◆ **Requirement**
Quote the listing in full, exactly as given, minus any pictures.

◆ **Records for this task**
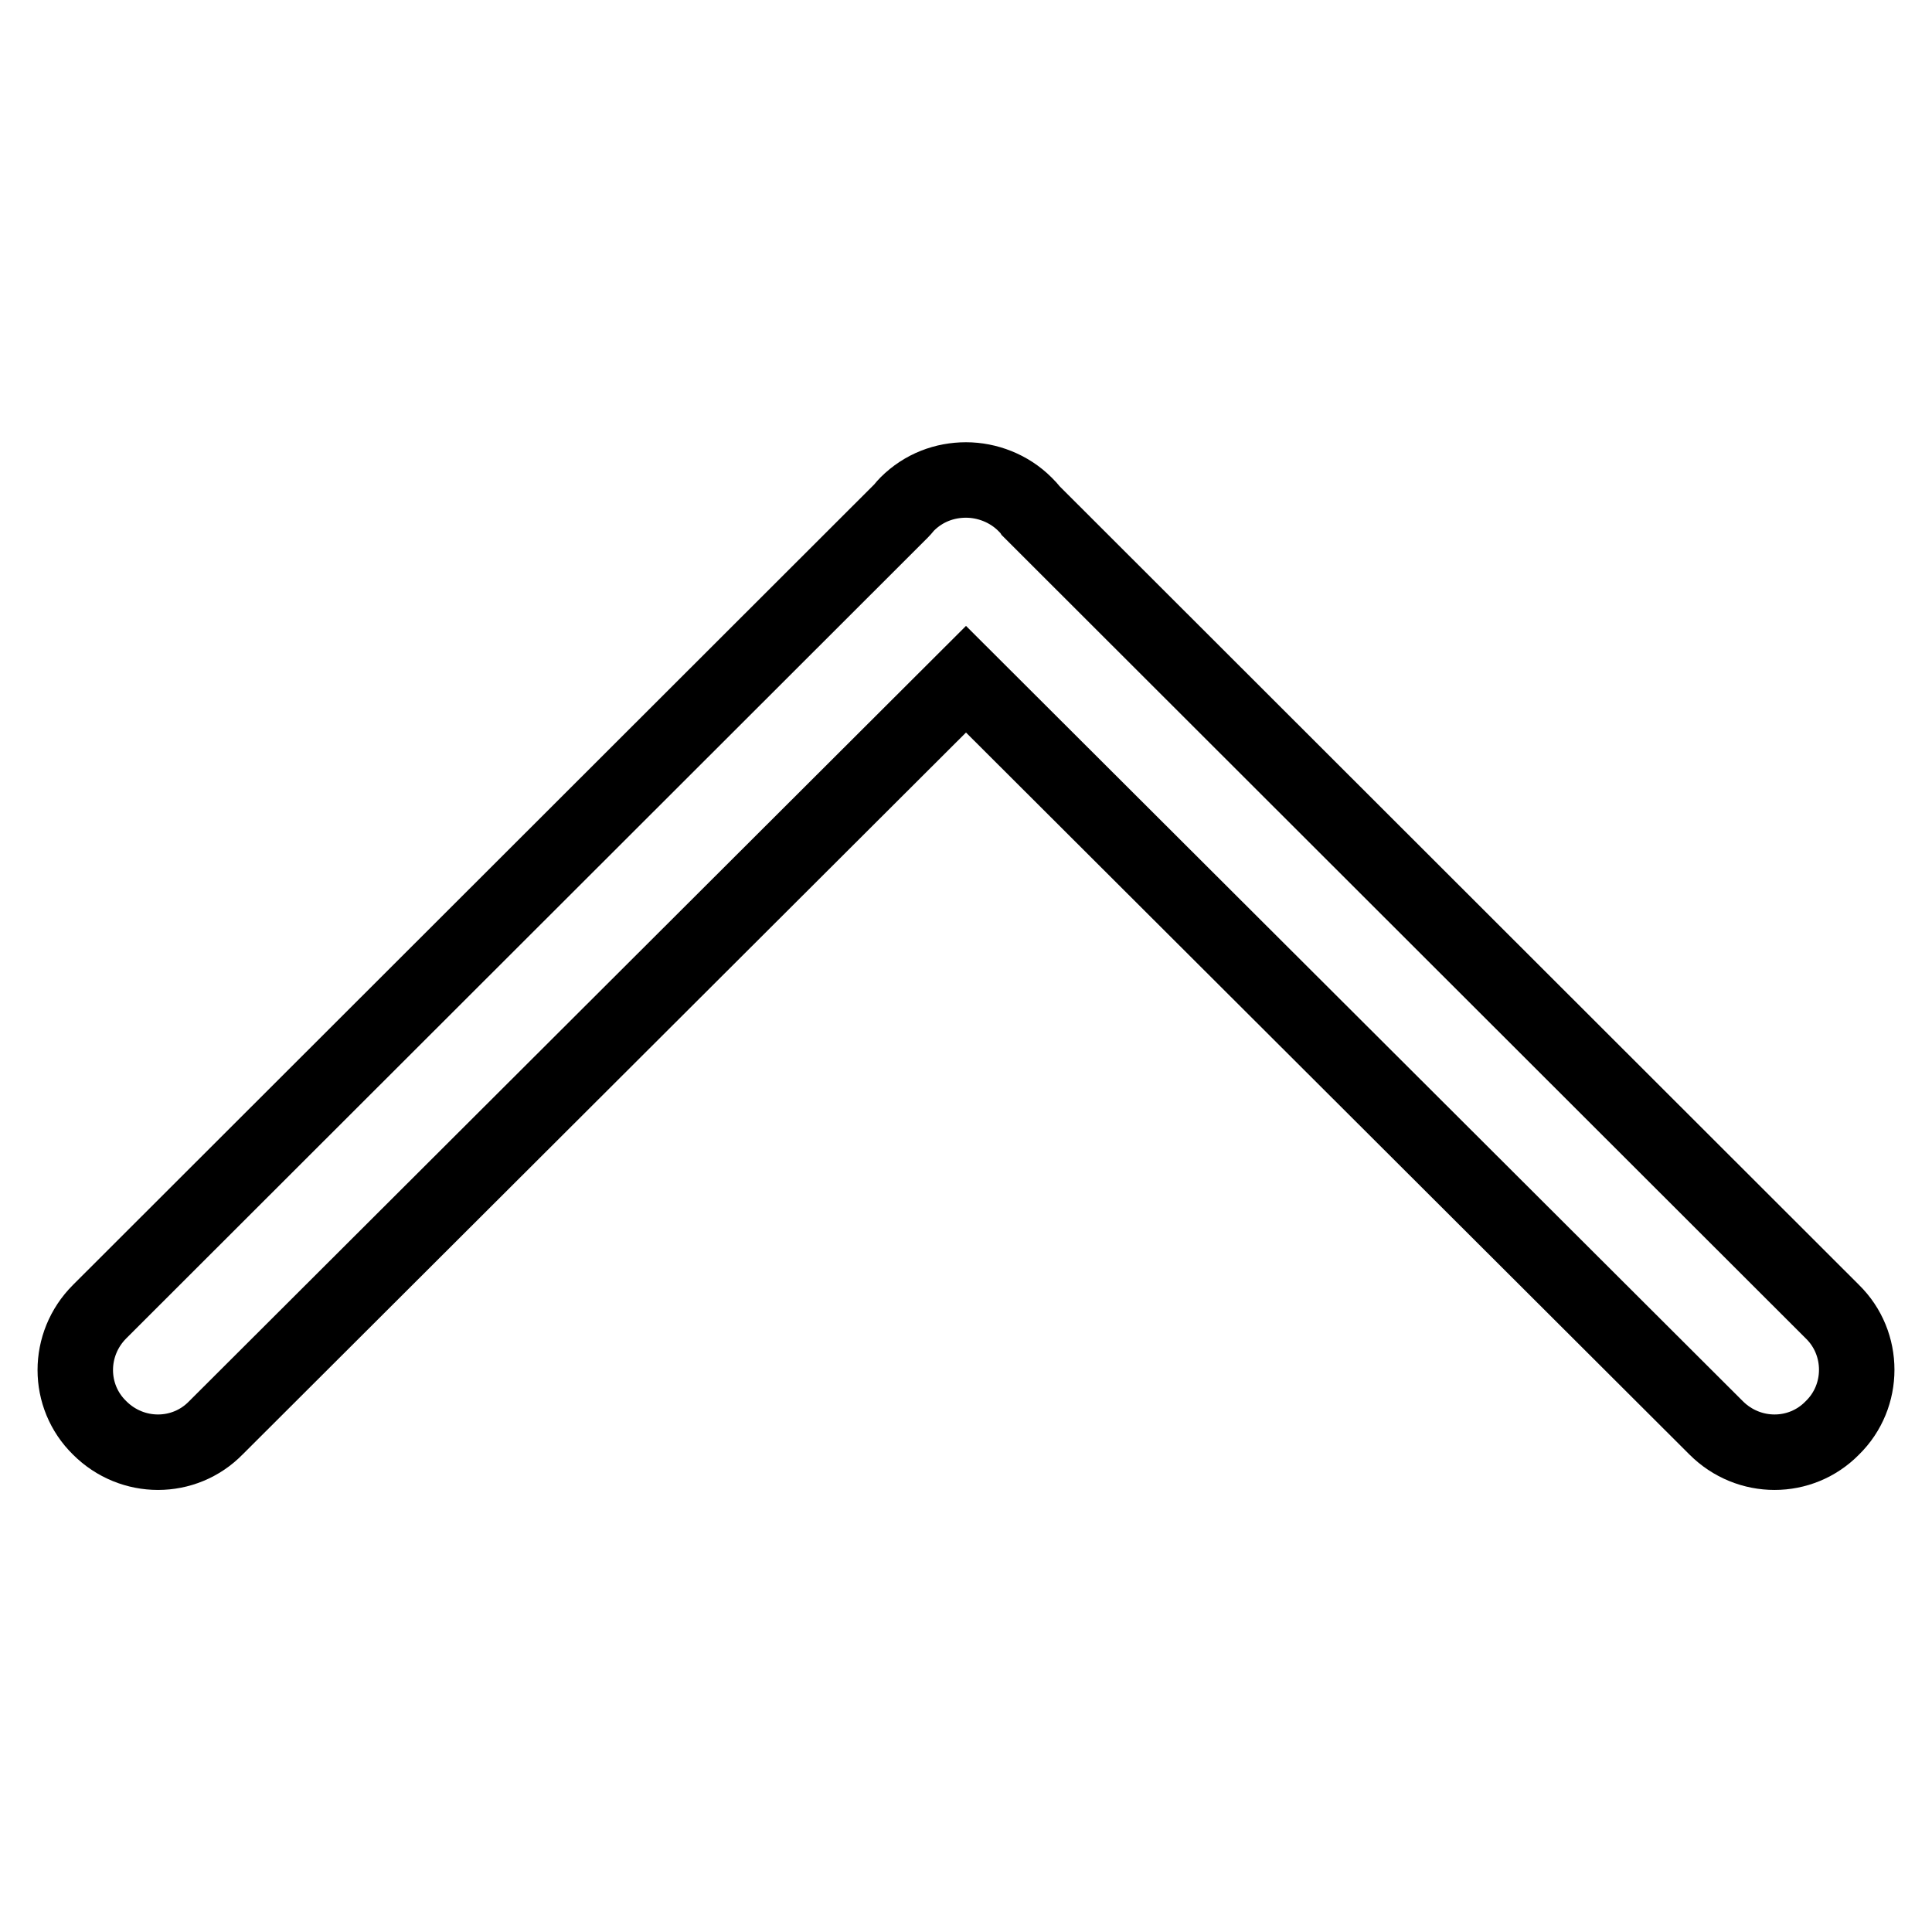 <?xml version="1.0" encoding="utf-8"?>
<!-- Svg Vector Icons : http://www.onlinewebfonts.com/icon -->
<!DOCTYPE svg PUBLIC "-//W3C//DTD SVG 1.1//EN" "http://www.w3.org/Graphics/SVG/1.1/DTD/svg11.dtd">
<svg version="1.1" xmlns="http://www.w3.org/2000/svg" xmlns:xlink="http://www.w3.org/1999/xlink" x="0px" y="0px" viewBox="0 0 256 256" enable-background="new 0 0 256 256" xml:space="preserve">
<g> <path stroke-width="10" fill-opacity="0" stroke="#000000"  d="M242.8,173.8L136.6,67.7c-0.2-0.3-0.5-0.6-0.8-0.9c-2.1-2.1-5-3.2-7.8-3.2c-2.8,0-5.6,1-7.8,3.2 c-0.3,0.3-0.5,0.6-0.8,0.9L13.2,173.8c-4.3,4.3-4.3,11.2,0,15.4c4.3,4.3,11.2,4.3,15.4,0L128,90l99.4,99.2c4.3,4.3,11.2,4.3,15.4,0 C247.1,185,247.1,178,242.8,173.8L242.8,173.8z"/></g>
</svg>
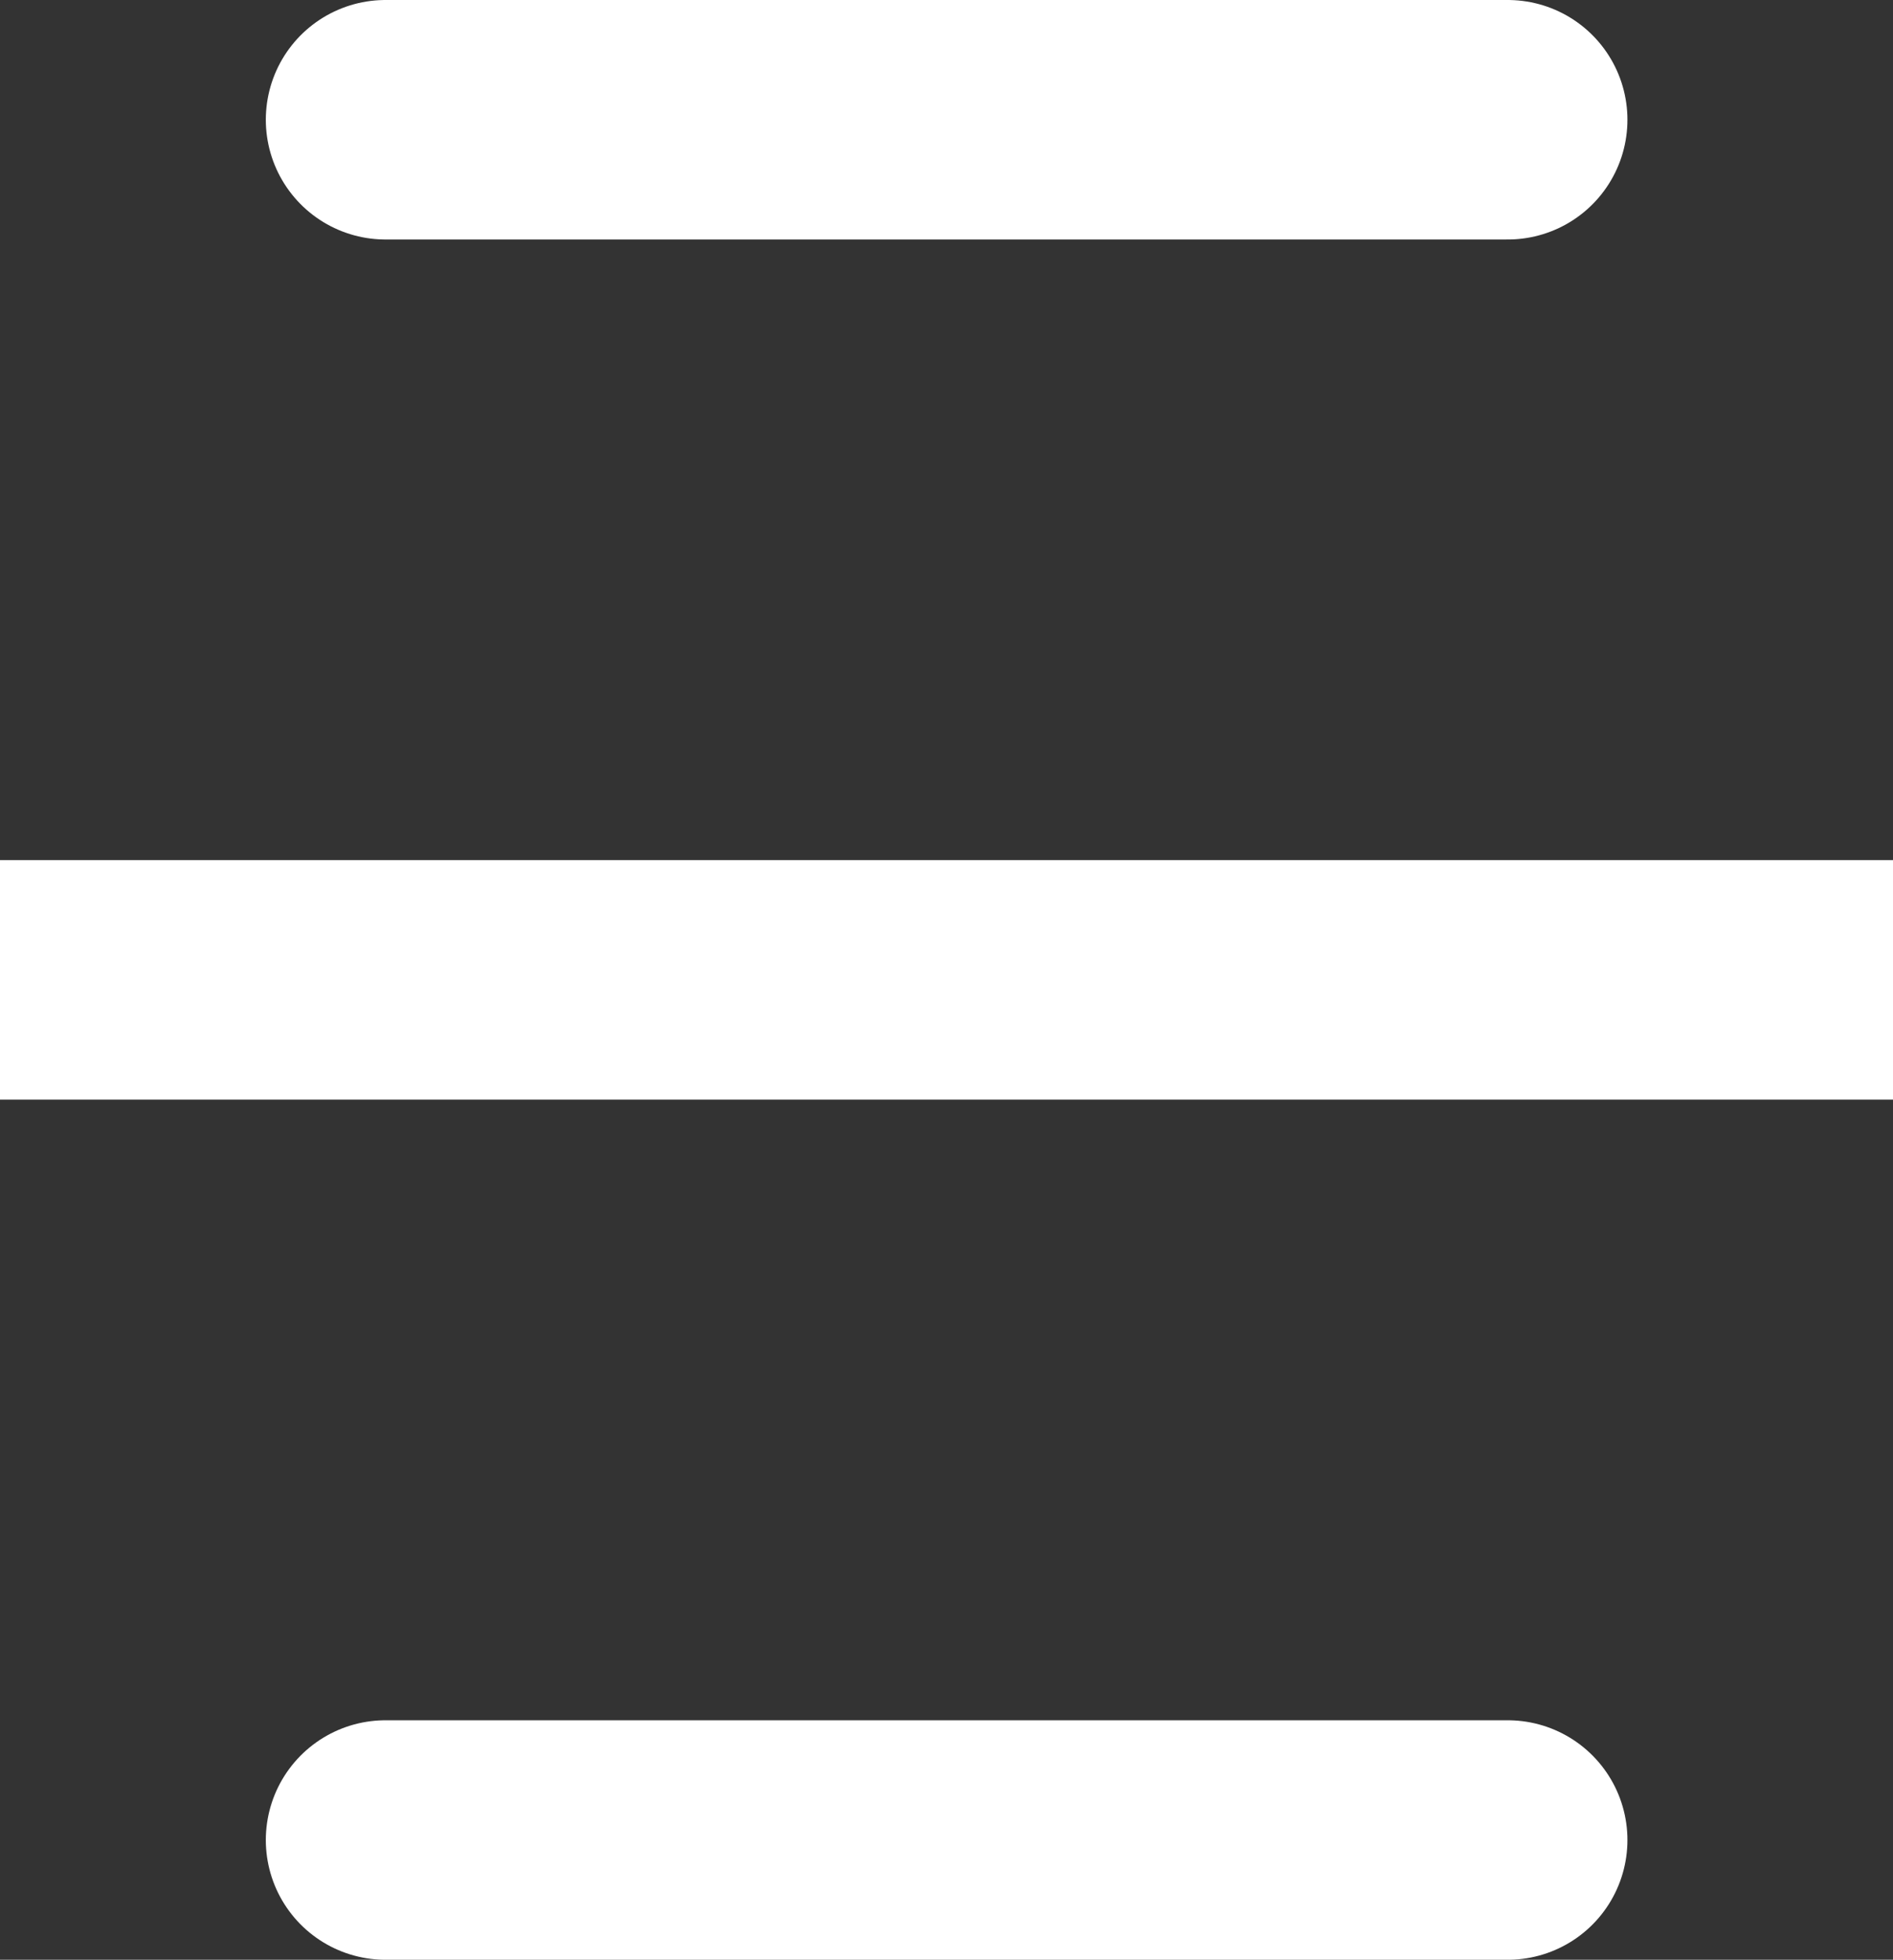 <svg height="32.731" viewBox="0 0 31.634 32.731" width="31.634" xmlns="http://www.w3.org/2000/svg"><rect x="0" y="0" width="31.634" height="32.731" fill="#333333" stroke="none"/><g fill="none" stroke="#fff" stroke-linecap="round" stroke-width="4"><path d="m-1229.7 177.638h31.634" transform="translate(1229.702 -161.273)"/><path d="m-1229.7 177.638h18.754" transform="translate(1236.142 -146.907)"/><path d="m-1229.7 177.638h18.754" transform="translate(1236.142 -175.638)"/></g></svg>

◆ **Result of the task**
 <?xml version="1.0" encoding="utf-8"?>
<!-- Svg Vector Icons : http://www.onlinewebfonts.com/icon -->
<!DOCTYPE svg PUBLIC "-//W3C//DTD SVG 1.1//EN" "http://www.w3.org/Graphics/SVG/1.1/DTD/svg11.dtd">
<svg version="1.1" xmlns="http://www.w3.org/2000/svg" xmlns:xlink="http://www.w3.org/1999/xlink" x="0px" y="0px" viewBox="0 0 256 256" enable-background="new 0 0 256 256" xml:space="preserve">
<g> <path stroke-width="10" fill-opacity="0" stroke="#000000"  d="M242.8,173.8L136.6,67.7c-0.2-0.3-0.5-0.6-0.8-0.9c-2.1-2.1-5-3.2-7.8-3.2c-2.8,0-5.6,1-7.8,3.2 c-0.3,0.3-0.5,0.6-0.8,0.9L13.2,173.8c-4.3,4.3-4.3,11.2,0,15.4c4.3,4.3,11.2,4.3,15.4,0L128,90l99.4,99.2c4.3,4.3,11.2,4.3,15.4,0 C247.1,185,247.1,178,242.8,173.8L242.8,173.8z"/></g>
</svg>
 <svg height="32.731" viewBox="0 0 31.634 32.731" width="31.634" xmlns="http://www.w3.org/2000/svg"><rect x="0" y="0" width="31.634" height="32.731" fill="#333333" stroke="none"/><g fill="none" stroke="#fff" stroke-linecap="round" stroke-width="4"><path d="m-1229.7 177.638h31.634" transform="translate(1229.702 -161.273)"/><path d="m-1229.7 177.638h18.754" transform="translate(1236.142 -146.907)"/><path d="m-1229.7 177.638h18.754" transform="translate(1236.142 -175.638)"/></g></svg>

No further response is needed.